DCAA’s formal request for information is not only document intensive, but DCAA expects these documents to be readily available and that the contractor will provide access to personnel, including the person responsible for the information. (MRD, Audit Guidance on Denial of Access to Records Due to Contractor Delays, December 19, 2008).

Mandatory Disclosure Requires “Credible Evidence”

DCAA’s more aggressive posture may not necessarily fit squarely within the bounds of the law. For example, DCAA does not have a right of access to contractor personnel. In addition, the DCAA formal request for information claims to be based on a contractor’s purported requirement to report any “suspected violation of law” to government officials. However, the FAR does not require disclosure unless a “Principal” of the contractor has “credible evidence” that a violation has been committed. (See e.g., FAR 52.203-13(b)(2), 52.203-13(c)(2)(ii)(F)).

Government guidance on the mandatory disclosure requirement of the FAR clearly anticipates that contractors will have sufficient opportunity to investigate whether or not “credible evidence” of a reportable violation exists. In order to maintain the confidentiality of an investigation into a potential or suspected violation, a contractor may be best served by hiring outside counsel to conduct the investigation. In this way, the investigation is covered by the attorney-client privilege and, if credible evidence is not found, the contractor may not have any obligation to disclose the issue.

Conclusion

To avoid a finding of “inadequate” and the related potential for questioning of costs in a DCAA audit, contractors must proactively take steps to assess and address their compliance risks.
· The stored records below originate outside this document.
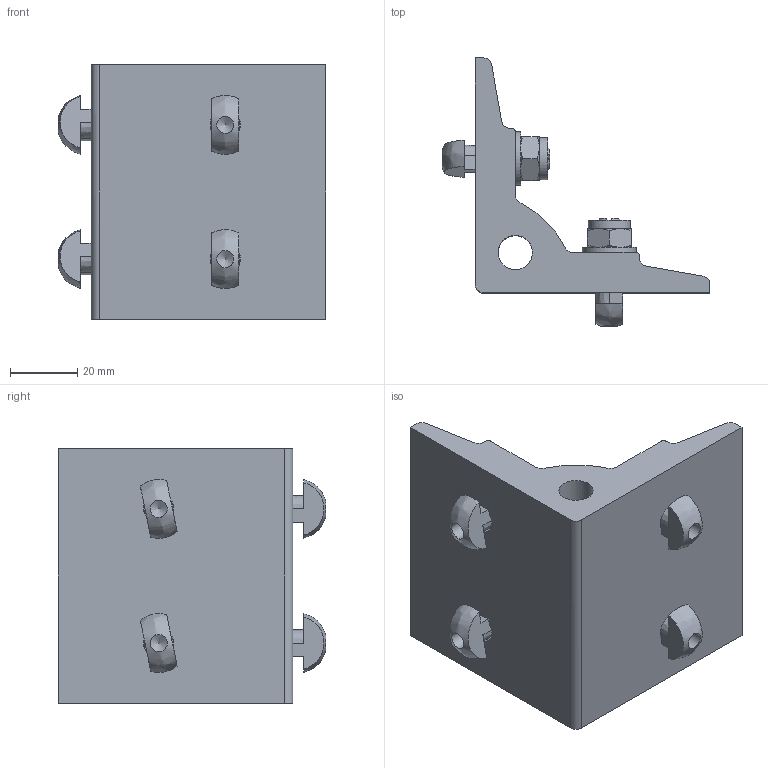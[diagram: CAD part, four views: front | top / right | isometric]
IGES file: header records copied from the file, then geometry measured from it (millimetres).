
Global section: file name: SZ0941N_A; native system: Autodesk Inventor 2015; preprocessor: unknown; author: Behrens; date: 20151119.162518; units: millimetre
Bounding box: 79.83 x 79.83 x 76 mm (x, y, z)
Volume: 112057.3 mm3; surface area: 35097.4 mm2
Topology: 13 solids, 13 shells, 215 faces, 519 edges, 334 vertices
Faces by surface type: bspline 215
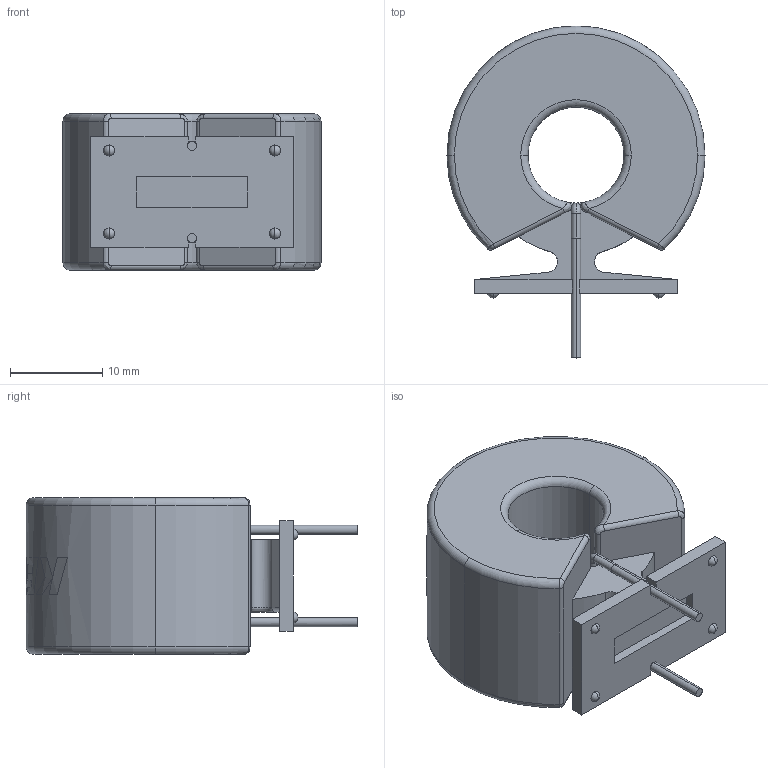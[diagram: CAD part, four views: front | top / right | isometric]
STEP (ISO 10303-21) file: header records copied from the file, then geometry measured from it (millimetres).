
FILE_DESCRIPTION (( 'STEP AP214' ), '1' );
FILE_NAME ('SN12-500J.STEP', '2019-01-29T08:07:55', ( '' ), ( '' ), 'SwSTEP 2.0', 'SolidWorks 2018', '' );
FILE_SCHEMA (( 'AUTOMOTIVE_DESIGN' ));
Length unit declared in the file: millimetre
Products named in the file (1): SN12-500J
Bounding box: 28 x 36 x 17 mm (x, y, z)
Volume: 8272.3 mm3; surface area: 3704.1 mm2
Topology: 1 solids, 5 shells, 134 faces, 373 edges, 251 vertices
Faces by surface type: cylinder 45, plane 44, torus 25, bspline 12, sphere 8
Entity records: 6485 total; most frequent: CARTESIAN_POINT 1642, ORIENTED_EDGE 746, DIRECTION 655, EDGE_CURVE 373, AXIS2_PLACEMENT_3D 264, VERTEX_POINT 251, EDGE_LOOP 142, CIRCLE 141
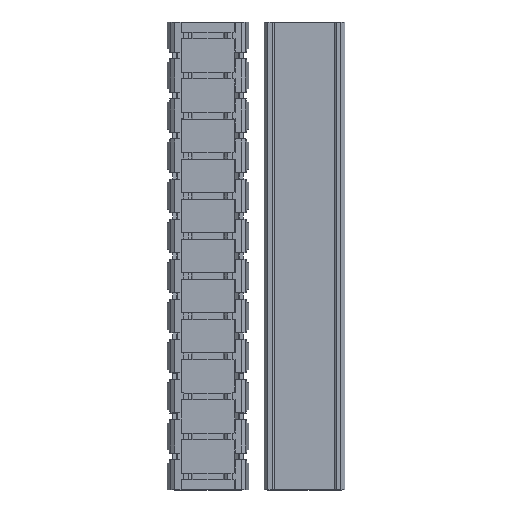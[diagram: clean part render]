
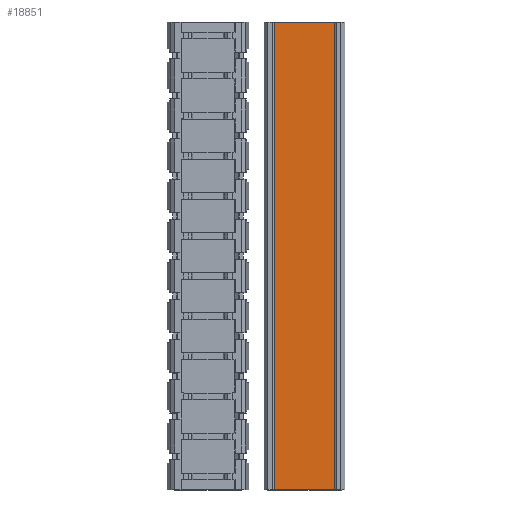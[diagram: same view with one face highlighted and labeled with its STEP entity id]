
A CAD part, top view. The second image highlights one B-rep face of the part: STEP entity #18851.
In plain terms, the highlighted planar face has unit normal (0, 0, 1).
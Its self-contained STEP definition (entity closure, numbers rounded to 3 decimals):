
#1091=FACE_OUTER_BOUND('',#2039,.T.);
#2039=EDGE_LOOP('',(#17077,#17078,#17079,#17080));
#4605=LINE('',#29740,#7205);
#4632=LINE('',#29794,#7232);
#4634=LINE('',#29798,#7234);
#4640=LINE('',#29809,#7240);
#7205=VECTOR('',#24364,10.);
#7232=VECTOR('',#24411,10.);
#7234=VECTOR('',#24415,10.);
#7240=VECTOR('',#24423,10.);
#9013=VERTEX_POINT('',#29737);
#9014=VERTEX_POINT('',#29739);
#9031=VERTEX_POINT('',#29793);
#9032=VERTEX_POINT('',#29797);
#11685=EDGE_CURVE('',#9013,#9014,#4605,.T.);
#11712=EDGE_CURVE('',#9014,#9031,#4632,.T.);
#11714=EDGE_CURVE('',#9031,#9032,#4634,.T.);
#11720=EDGE_CURVE('',#9013,#9032,#4640,.T.);
#17077=ORIENTED_EDGE('',*,*,#11720,.T.);
#17078=ORIENTED_EDGE('',*,*,#11714,.F.);
#17079=ORIENTED_EDGE('',*,*,#11712,.F.);
#17080=ORIENTED_EDGE('',*,*,#11685,.F.);
#17951=PLANE('',#19854);
#18851=ADVANCED_FACE('',(#1091),#17951,.T.);
#19854=AXIS2_PLACEMENT_3D('',#29808,#24421,#24422);
#24364=DIRECTION('',(-1.,0.,0.));
#24411=DIRECTION('',(0.,1.,0.));
#24415=DIRECTION('',(1.,0.,0.));
#24421=DIRECTION('center_axis',(0.,0.,1.));
#24422=DIRECTION('ref_axis',(1.,0.,0.));
#24423=DIRECTION('',(0.,1.,0.));
#29737=CARTESIAN_POINT('',(37.93,0.,-11.3));
#29739=CARTESIAN_POINT('',(19.79,0.,-11.3));
#29740=CARTESIAN_POINT('',(37.93,0.,-11.3));
#29793=CARTESIAN_POINT('',(19.79,140.,-11.3));
#29794=CARTESIAN_POINT('',(19.79,0.,-11.3));
#29797=CARTESIAN_POINT('',(37.93,140.,-11.3));
#29798=CARTESIAN_POINT('',(37.93,140.,-11.3));
#29808=CARTESIAN_POINT('Origin',(17.79,0.,-11.3));
#29809=CARTESIAN_POINT('',(37.93,0.,-11.3));
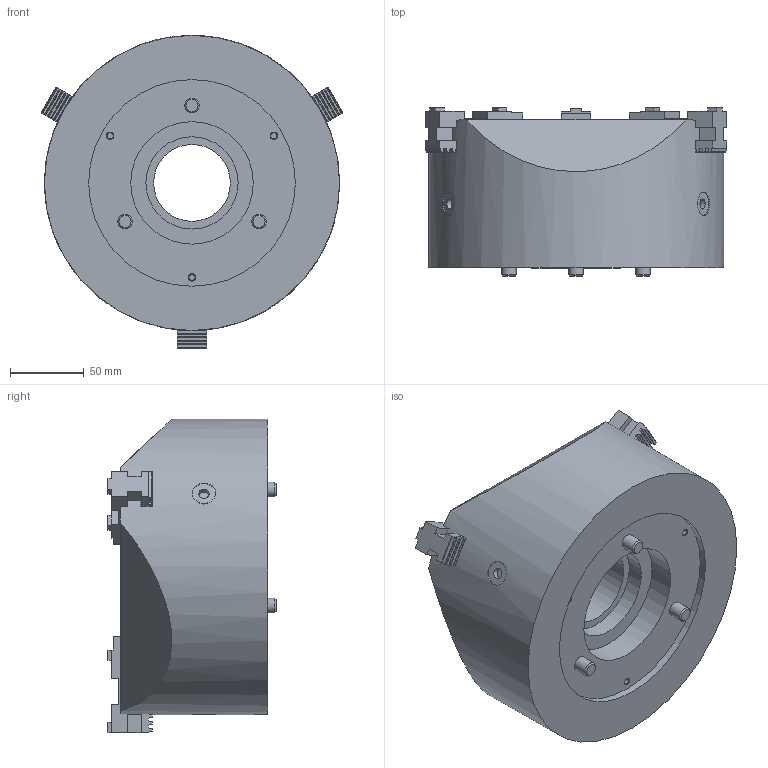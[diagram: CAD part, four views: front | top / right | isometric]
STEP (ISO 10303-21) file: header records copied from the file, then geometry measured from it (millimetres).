
FILE_DESCRIPTION( ( 'STEP AP214' ), '1' );
FILE_NAME( 'SCHUNK-1366679 ROTA THW3 200-52 Z140-GBK_ 0.stp', '2022-06-09T07:19:43', ( 'License CC BY-ND 4.0' ), ( 'CADENAS' ), ' ', 'PARTsolutions', ' ' );
FILE_SCHEMA( ( 'AUTOMOTIVE_DESIGN { 1 0 10303 214 1 1 1 1 }' ) );
Length unit declared in the file: millimetre
Products named in the file (3): SCHUNK-1366679 ROTA THW3 200-52 Z140-GBK, 0; _SCHUNK-1405527 FKT 200-52 Z140; _SCHUNK-0159106 gba200-52
Assembly tree (4 placements, depth 2):
  SCHUNK-1366679 ROTA THW3 200-52 Z140-GBK, 0
    _SCHUNK-1405527 FKT 200-52 Z140
    _SCHUNK-0159106 gba200-52  x3
Bounding box: 204.51 x 114 x 212.3 mm (x, y, z)
Volume: 2640590.5 mm3; surface area: 185233.5 mm2
Topology: 4 solids, 4 shells, 638 faces, 1713 edges, 1137 vertices
Faces by surface type: plane 402, cylinder 217, cone 18, sphere 1
Full cylindrical faces by diameter (mm): 2 x1, 4.134 x6, 6.647 x6, 7 x4, 8 x1, 10 x9, 11 x6, 16 x6, 17 x1, 18 x3, 52 x1, 52.5 x1, 62.5 x1, 83 x1, 140 x1, 200 x1
Entity records: 13143 total; most frequent: CARTESIAN_POINT 2064, DIRECTION 1747, ORIENTED_EDGE 1592, EDGE_CURVE 796, AXIS2_PLACEMENT_3D 604, VERTEX_POINT 565, LINE 539, VECTOR 539
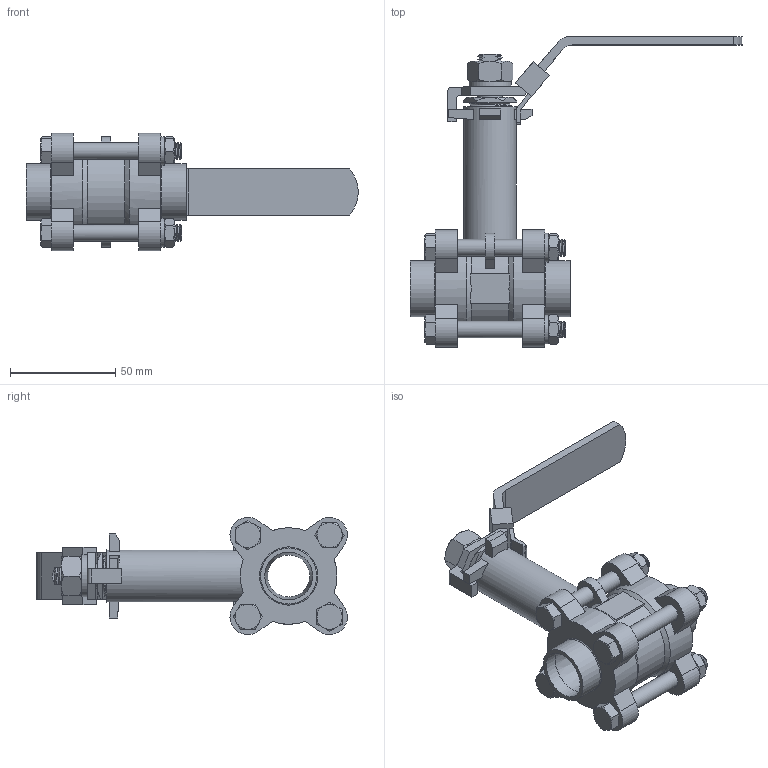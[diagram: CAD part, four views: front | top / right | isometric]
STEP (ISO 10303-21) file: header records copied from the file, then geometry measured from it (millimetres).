
FILE_DESCRIPTION(/* description */ ('Unknown'),/* implementation_level */ '2;1');
FILE_NAME(/* name */ 'R641-S-P-DN20',/* time_stamp */ '2021-08-12T16:44:03+08:00',/* author */ ('Unknown'),/* organization */ ('Unknown'),/* preprocessor_version */ 'ST-DEVELOPER v16.7',/* originating_system */ 'DEX',/* authorisation */ $);
FILE_SCHEMA (('AUTOMOTIVE_DESIGN {1 0 10303 214 3 1 1}'));
Length unit declared in the file: millimetre
Products named in the file (1): R641-S-P-DN20
Bounding box: 158.05 x 147.94 x 55.89 mm (x, y, z)
Volume: 153951.4 mm3; surface area: 51679.2 mm2
Topology: 1 solids, 1 shells, 515 faces, 1548 edges, 1020 vertices
Faces by surface type: plane 235, cylinder 106, cone 103, bspline 69, torus 2
Full cylindrical faces by diameter (mm): 2 x1, 7.938 x12, 8 x1, 8.5 x10, 11.8 x1, 12.5 x1, 20 x1, 22.8 x2, 25 x1, 26.7 x2, 46 x2
Entity records: 34034 total; most frequent: CARTESIAN_POINT 21784, ORIENTED_EDGE 2972, DIRECTION 2017, EDGE_CURVE 1486, VERTEX_POINT 1003, AXIS2_PLACEMENT_3D 749, FACE_BOUND 585, EDGE_LOOP 584
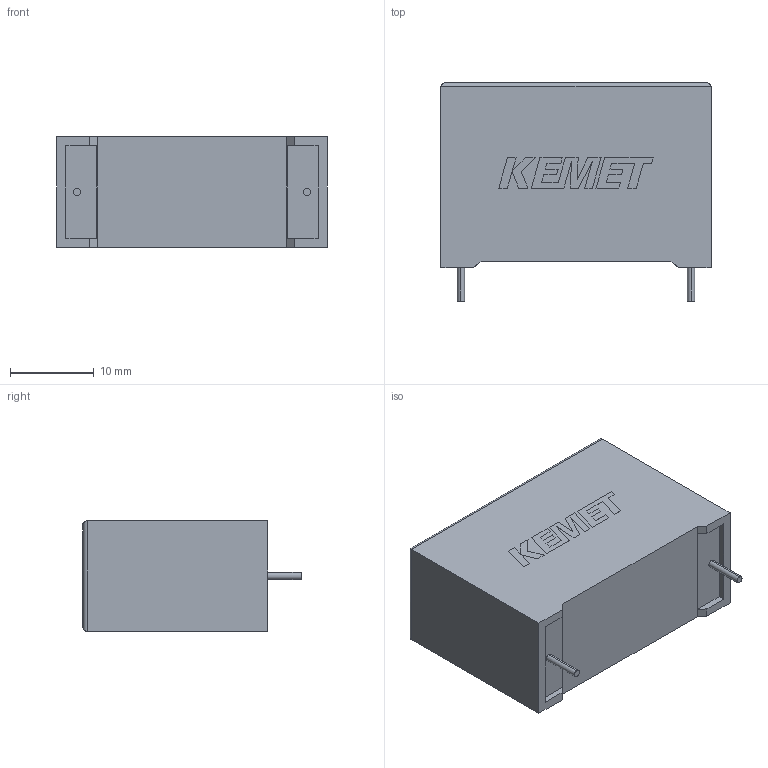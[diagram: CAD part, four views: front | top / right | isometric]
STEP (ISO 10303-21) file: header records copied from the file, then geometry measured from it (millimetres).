
FILE_DESCRIPTION (( 'STEP AP214' ), '1' );
FILE_NAME ('CFR_RB2_32X22X13_L32.3H22.1T13.2S27.5LL4F0.85.STEP', '2022-04-17T10:24:43', ( '' ), ( '' ), 'SwSTEP 2.0', 'SolidWorks 2021', '' );
FILE_SCHEMA (( 'AUTOMOTIVE_DESIGN' ));
Length unit declared in the file: millimetre
Products named in the file (1): CFR_RB2_32X22X13_L32.3H22.1T13.2S27.5LL4F0.85
Bounding box: 32.3 x 26.1 x 13.21 mm (x, y, z)
Volume: 9131.8 mm3; surface area: 2939.4 mm2
Topology: 4 solids, 4 shells, 85 faces, 221 edges, 146 vertices
Faces by surface type: plane 77, cylinder 8
Entity records: 2920 total; most frequent: CARTESIAN_POINT 465, ORIENTED_EDGE 442, DIRECTION 397, EDGE_CURVE 221, LINE 209, VECTOR 209, VERTEX_POINT 146, AXIS2_PLACEMENT_3D 94
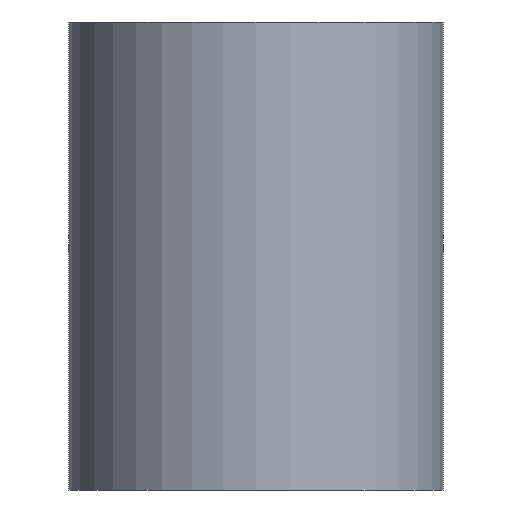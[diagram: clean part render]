
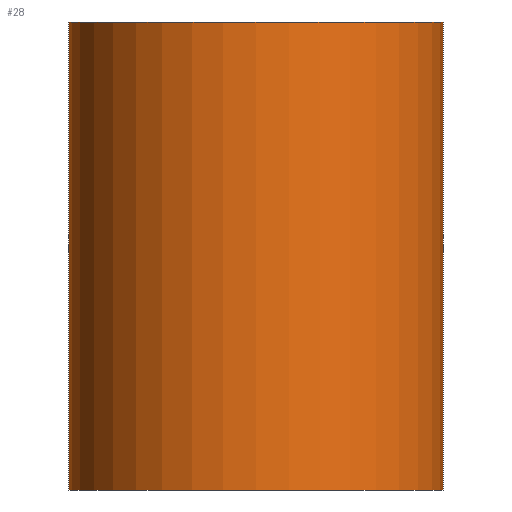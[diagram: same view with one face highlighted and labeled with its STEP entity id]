
A CAD part, front view. The second image highlights one B-rep face of the part: STEP entity #28.
In plain terms, the highlighted cylindrical face has radius 4 mm (diameter 8 mm), a full revolution.
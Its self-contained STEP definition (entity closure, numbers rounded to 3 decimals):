
#28 = ADVANCED_FACE( '', ( #53, #54 ), #55, .T. );
#53 = FACE_OUTER_BOUND( '', #76, .T. );
#54 = FACE_OUTER_BOUND( '', #77, .T. );
#55 = CYLINDRICAL_SURFACE( '', #78, 4. );
#76 = EDGE_LOOP( '', ( #93 ) );
#77 = EDGE_LOOP( '', ( #94 ) );
#78 = AXIS2_PLACEMENT_3D( '', #95, #96, #97 );
#93 = ORIENTED_EDGE( '', *, *, #117, .T. );
#94 = ORIENTED_EDGE( '', *, *, #118, .F. );
#95 = CARTESIAN_POINT( '', ( 0., 0., 5. ) );
#96 = DIRECTION( '', ( 0., 0., 1. ) );
#97 = DIRECTION( '', ( -1., 0., 0. ) );
#117 = EDGE_CURVE( '', #125, #125, #126, .T. );
#118 = EDGE_CURVE( '', #127, #127, #128, .T. );
#125 = VERTEX_POINT( '', #137 );
#126 = CIRCLE( '', #138, 4. );
#127 = VERTEX_POINT( '', #139 );
#128 = CIRCLE( '', #140, 4. );
#137 = CARTESIAN_POINT( '', ( 4., 0., 5. ) );
#138 = AXIS2_PLACEMENT_3D( '', #148, #149, #150 );
#139 = CARTESIAN_POINT( '', ( 4., 0., -5. ) );
#140 = AXIS2_PLACEMENT_3D( '', #151, #152, #153 );
#148 = CARTESIAN_POINT( '', ( 0., 0., 5. ) );
#149 = DIRECTION( '', ( 0., 0., -1. ) );
#150 = DIRECTION( '', ( 1., 0., 0. ) );
#151 = CARTESIAN_POINT( '', ( 0., 0., -5. ) );
#152 = DIRECTION( '', ( 0., 0., -1. ) );
#153 = DIRECTION( '', ( 1., 0., 0. ) );
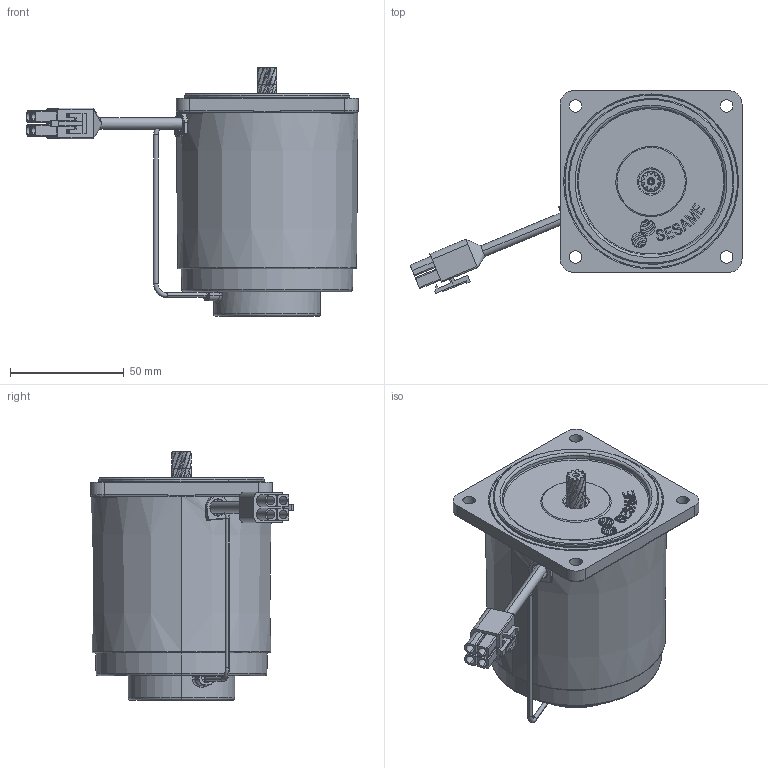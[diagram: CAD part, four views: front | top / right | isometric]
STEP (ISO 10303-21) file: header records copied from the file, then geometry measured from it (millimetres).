
FILE_DESCRIPTION (( 'STEP AP203' ), '1' );
FILE_NAME ('(夹非珇)M425-4〖〖(5C〖51〖0000Z0).STEP', '2017-12-05T03:05:36', ( '' ), ( '' ), 'SwSTEP 2.0', 'SolidWorks 2010', '' );
FILE_SCHEMA (( 'CONFIG_CONTROL_DESIGN' ));
Length unit declared in the file: millimetre
Products named in the file (16): C475-C473_C475成品-車工; 馬達軸25RGN-IK(RK)_0.成品; 發電機下蓋; 6~15W發電機磁鐵組合品; 線_25W; 公端子; (夹非珇)M425-4〖〖(5C〖51〖0000Z0); M425-C1馬達筒SAB_成品; 6~15W發電機成品; 發電機組合圖; 發電機基座; 線座; 0625RM; 磁鐵; 線扣; 線和頭_25W
Assembly tree (15 placements, depth 4):
  (夹非珇)M425-4〖〖(5C〖51〖0000Z0)
    線扣
    線和頭_25W
      線_25W
      公端子
    C475-C473_C475成品-車工
    6~15W發電機成品
      發電機組合圖
        發電機下蓋
        發電機基座
        線座
      6~15W發電機磁鐵組合品
        0625RM
        磁鐵
    馬達軸25RGN-IK(RK)_0.成品
    M425-C1馬達筒SAB_成品
Bounding box: 146.07 x 89.26 x 109.28 mm (x, y, z)
Volume: 456885 mm3; surface area: 80914.2 mm2
Topology: 23 solids, 24 shells, 1245 faces, 3245 edges, 2110 vertices
Faces by surface type: cylinder 557, plane 396, torus 139, bspline 121, cone 28, sphere 4
Entity records: 52905 total; most frequent: CARTESIAN_POINT 20379, DIRECTION 6558, ORIENTED_EDGE 6474, EDGE_CURVE 3237, AXIS2_PLACEMENT_3D 2575, VERTEX_POINT 2110, CIRCLE 1429, VECTOR 1408

This places a premium on regularly performing a risk assessment to identify gaps in the compliance program and related controls. Moreover, contractors must know their rights in order to work with, rather than be overrun by, an aggressive and emboldened DCAA.


 

1 See, FAR Case 2006-007, published on November 23, 2007, effective December 24, 2007; and FAR Case 2007-006, published on November 12, 2008, effective December 12, 2008; FAR 52.203-13, Contractor Code of Business Ethics and Conduct (December 2008).